Adventures in Ethics and Science

For years, you’ve heard the tremendous fatigue experienced after an American Thanksgiving dinner laid at the feet of the turkey — or more precisely, at the tryptophan in that turkey. Trytophan, apparently, is the go-to amino acid for those who want to get sleepy.

But according to an article in the Los Angeles Times, the real story may be more complicated than that:

Turkey does contain a large amino acid called tryptophan. So eating turkey puts some tryptophan into your bloodstream. But there are lots of other large amino acids riding around in there too.

For the tryptophan in turkey to do its sleep-inducing work, it needs an accomplice. Maybe the bread stuffing, the mashed potatoes, those candied yams:

When you eat carbohydrates, the pancreas releases insulin, and one effect of that is to lower the levels of all the large amino acids in your blood — except for tryptophan. The upshot? You have relatively high levels of tryptophan in your blood, and in your brain that’s converted into the neurotransmitter serotonin, and that can make you sleepy.
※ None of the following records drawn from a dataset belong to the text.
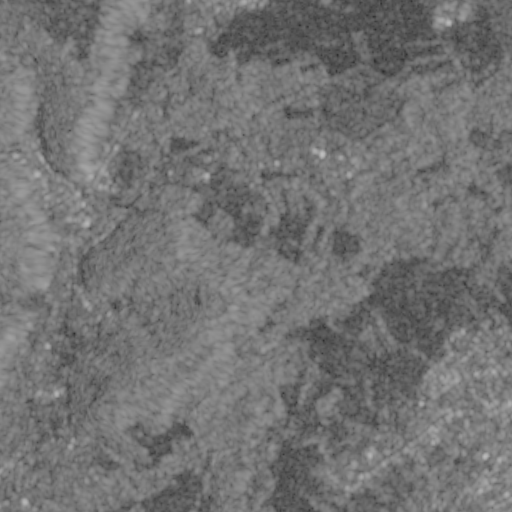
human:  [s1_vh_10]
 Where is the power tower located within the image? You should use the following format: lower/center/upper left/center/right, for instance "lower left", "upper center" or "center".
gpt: The power tower is located in the upper of the image.
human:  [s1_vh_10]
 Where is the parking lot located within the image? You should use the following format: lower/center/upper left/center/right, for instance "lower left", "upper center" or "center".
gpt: There is no parking lot in the image.

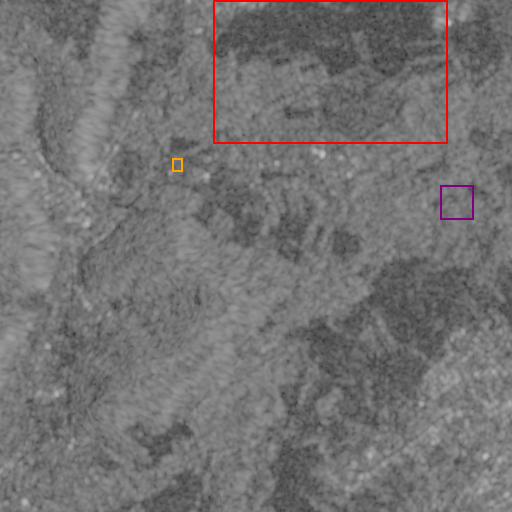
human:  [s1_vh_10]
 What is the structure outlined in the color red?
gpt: The structure outlined in red is a crop field.
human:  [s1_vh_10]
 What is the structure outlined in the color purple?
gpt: The structure outlined in purple is a park.
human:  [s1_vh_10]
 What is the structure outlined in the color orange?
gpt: The structure outlined in orange is a parking lot.
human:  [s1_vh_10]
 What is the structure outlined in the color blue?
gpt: There is no blue outline.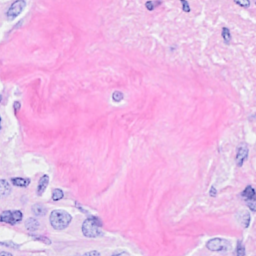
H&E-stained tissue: Breast

It seems that the turkey’s tryptophan dose is amplified by the sweet and starchy sides. Indeed, perhaps the sides alone would do the job (by clearing out the non-tryptophan amino acids) even if you missed out on the turkey.

(We shouldn’t forget, of course, that eating more than you’re used to in a sitting — and giving your system more digestive work to do than it’s used to — might account for a good bit of the fatigue.)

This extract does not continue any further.